The security of current AI systems relies heavily on asymmetric encryption algorithms represented by RSA and ECC (Elliptic Curve Cryptography) for model transmission, data storage, and identity authentication. The security of these algorithms is based on the "computational complexity" of mathematical problems like "integer factorization" or "discrete logarithm," which classical computers cannot solve within a reasonable timeframe.
However, quantum computing brings a fundamental paradigm shift. Quantum algorithms represented by Shor's algorithm can theoretically reduce the solution time of these problems from exponential to polynomial scale. A research paper points out that the latest quantum algorithms, including those based on Regev's algorithm and its extensions, are continuously optimizing the efficiency of cracking asymmetric encryption. This means that once sufficiently scaled (typically referring to a universal quantum computer with millions of stable qubits), the "locks" currently protecting internet communication, digital signatures, and encrypted data may be opened instantly.
This threat is not far-fetched. Research from the Zhiyuan community warns that this is a "present tense" threat: attackers can start intercepting and storing encrypted communication data (including AI training data, model parameters, etc.) now and wait until future quantum computers mature to decrypt them. This strategy of "intercepting first, decrypting later" exposes all high-value information that needs long-term confidentiality, including national secrets, commercial patents, and personal privacy data, to future risks.
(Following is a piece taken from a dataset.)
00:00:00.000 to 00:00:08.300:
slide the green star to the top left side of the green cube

Therefore, the threat posed by quantum computing to asymmetric encryption is foundational and systemic, directly undermining the security system of current AI and the entire digital world.
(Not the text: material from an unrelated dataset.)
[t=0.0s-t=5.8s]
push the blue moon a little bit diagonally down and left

2. What new challenges do AI model training and data privacy protection face in the face of quantum computing?
The development of AI relies on massive data feeding and complex model training, which is itself filled with privacy and security challenges. The intervention of quantum computing sharpens and complicates these challenges.
First, the long-term confidentiality of the data lifecycle becomes invalid. As mentioned, current AI training datasets encrypted and stored in the cloud or during transmission may be completely exposed due to future quantum decryption. The global quantum migration strategy white paper from Xi'an Jiaotong-Liverpool University explicitly points out that adversaries worldwide are organizing to implement this "data harvesting" strategy, patiently awaiting the arrival of "Q-Day" (the day quantum computers become practical). This poses a foundational threat to AI models that rely on sensitive data such as medical records, financial information, and biometric features for training.
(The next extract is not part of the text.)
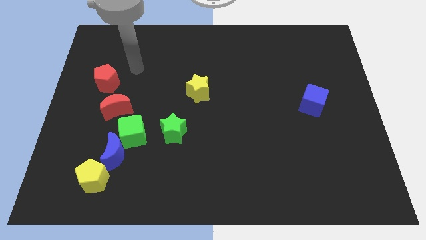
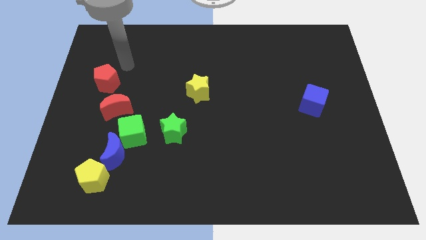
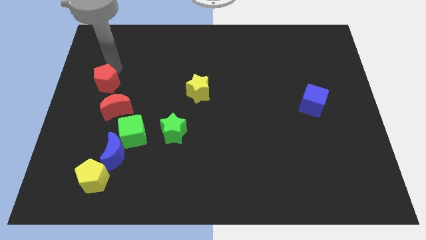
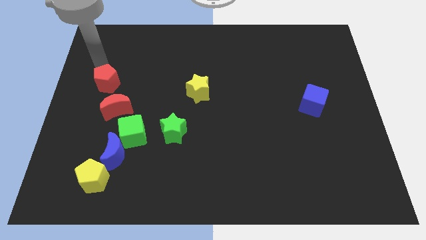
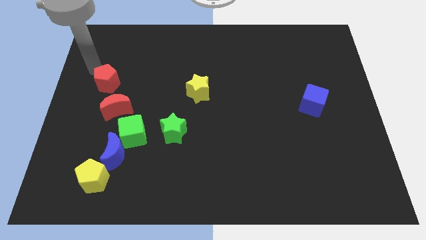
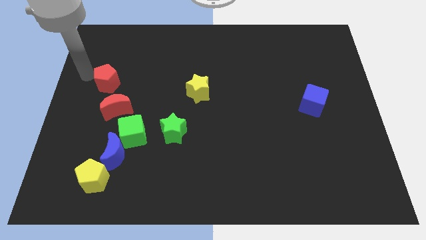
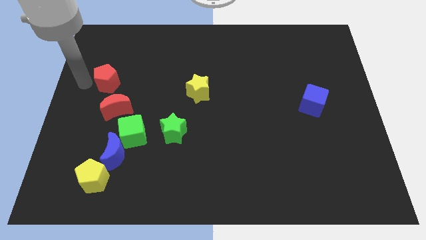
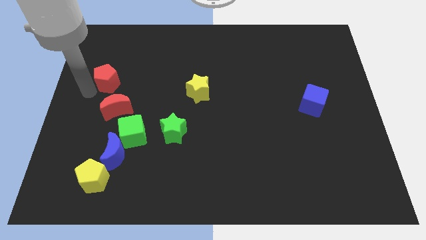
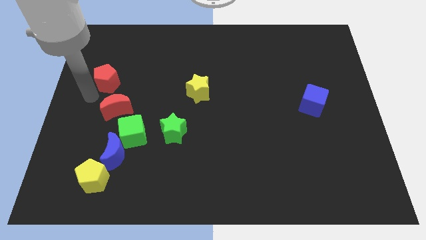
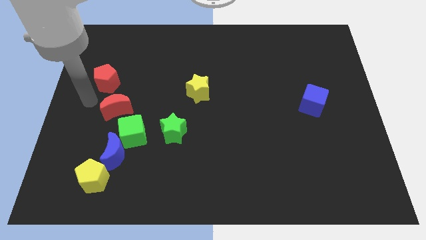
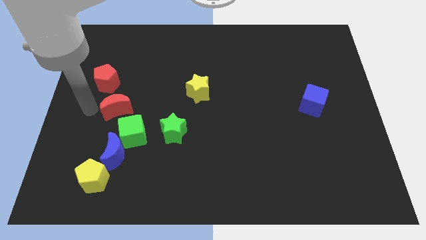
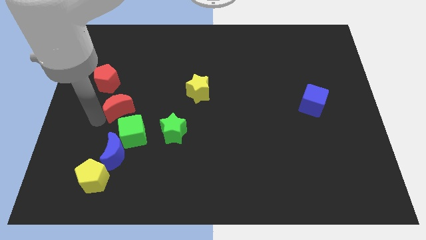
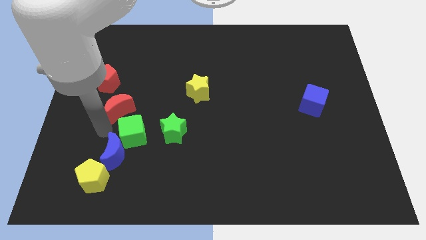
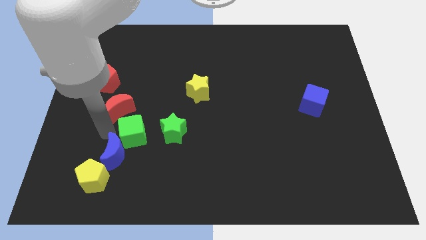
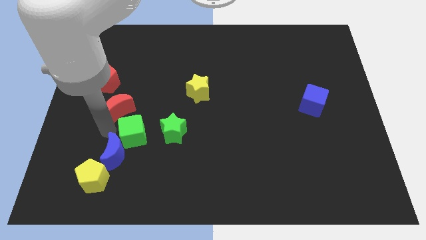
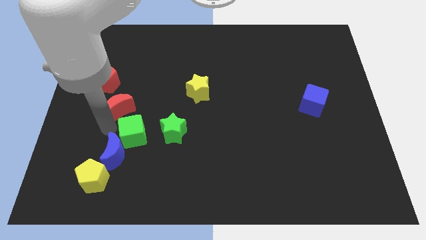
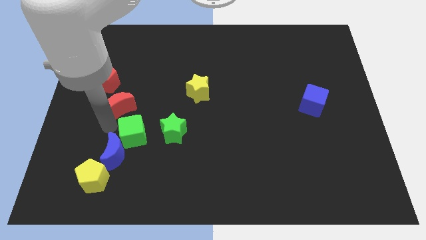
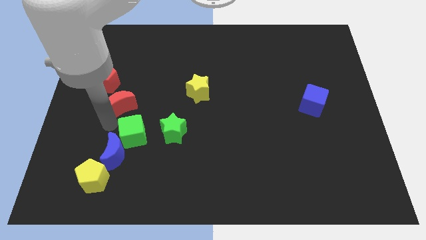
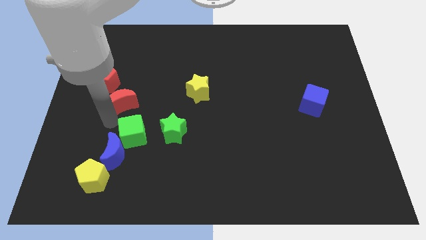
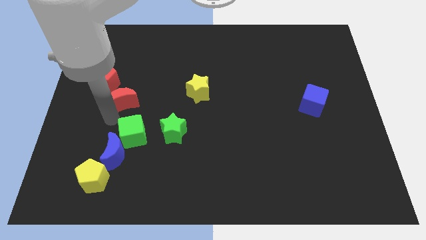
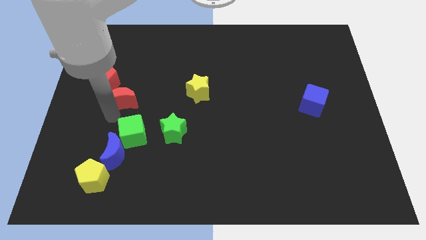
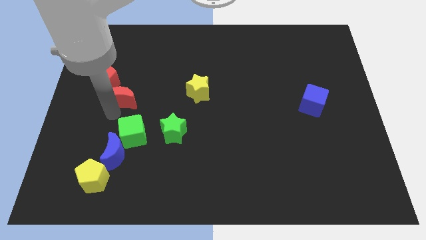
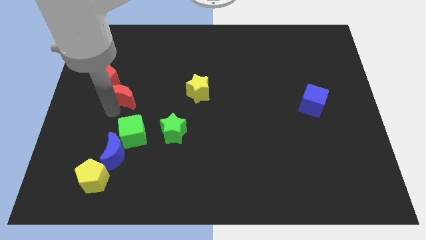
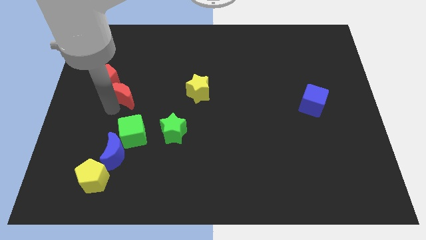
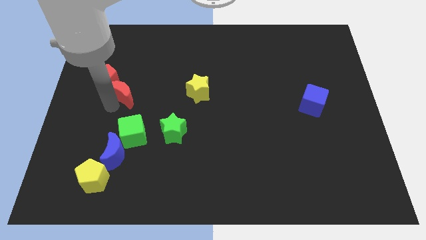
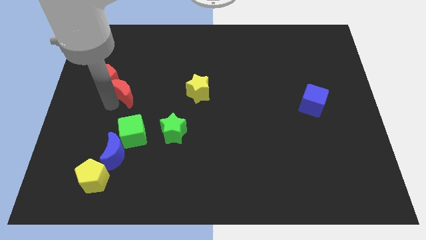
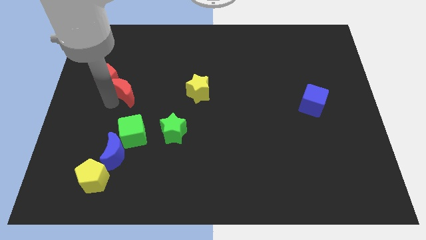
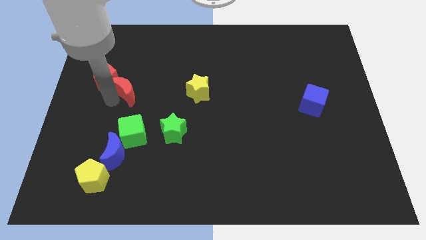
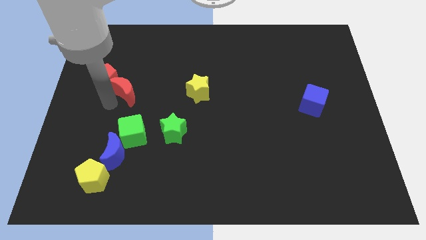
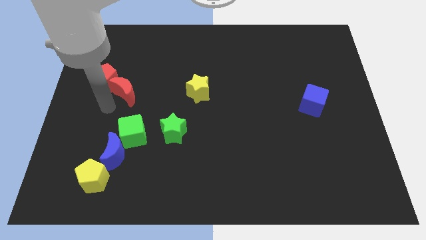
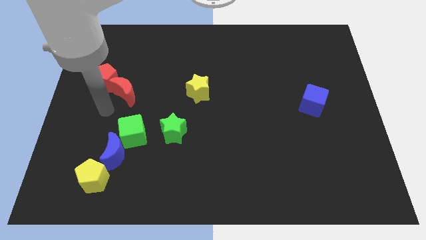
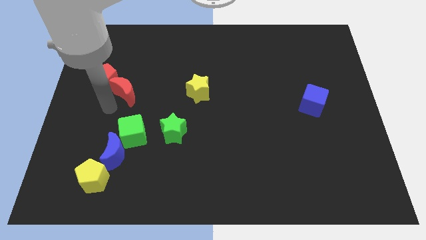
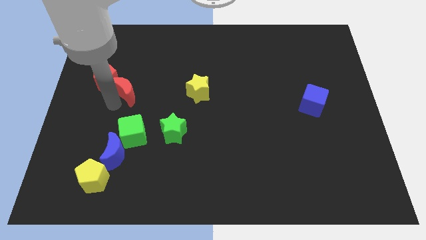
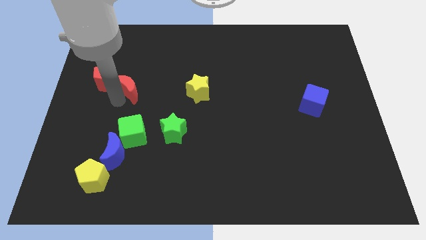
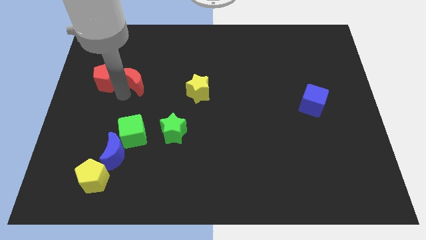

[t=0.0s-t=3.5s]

Second, privacy-preserving computing technologies like federated learning face new tests. Federated learning protects original data by training models locally and only exchanging model parameter updates. However, these exchanged gradients or parameter updates are also transmitted securely. If the underlying encryption is breached by quantum computing, attackers can reverse-engineer the original data features of the participating parties, rendering the privacy protection mechanism ineffective.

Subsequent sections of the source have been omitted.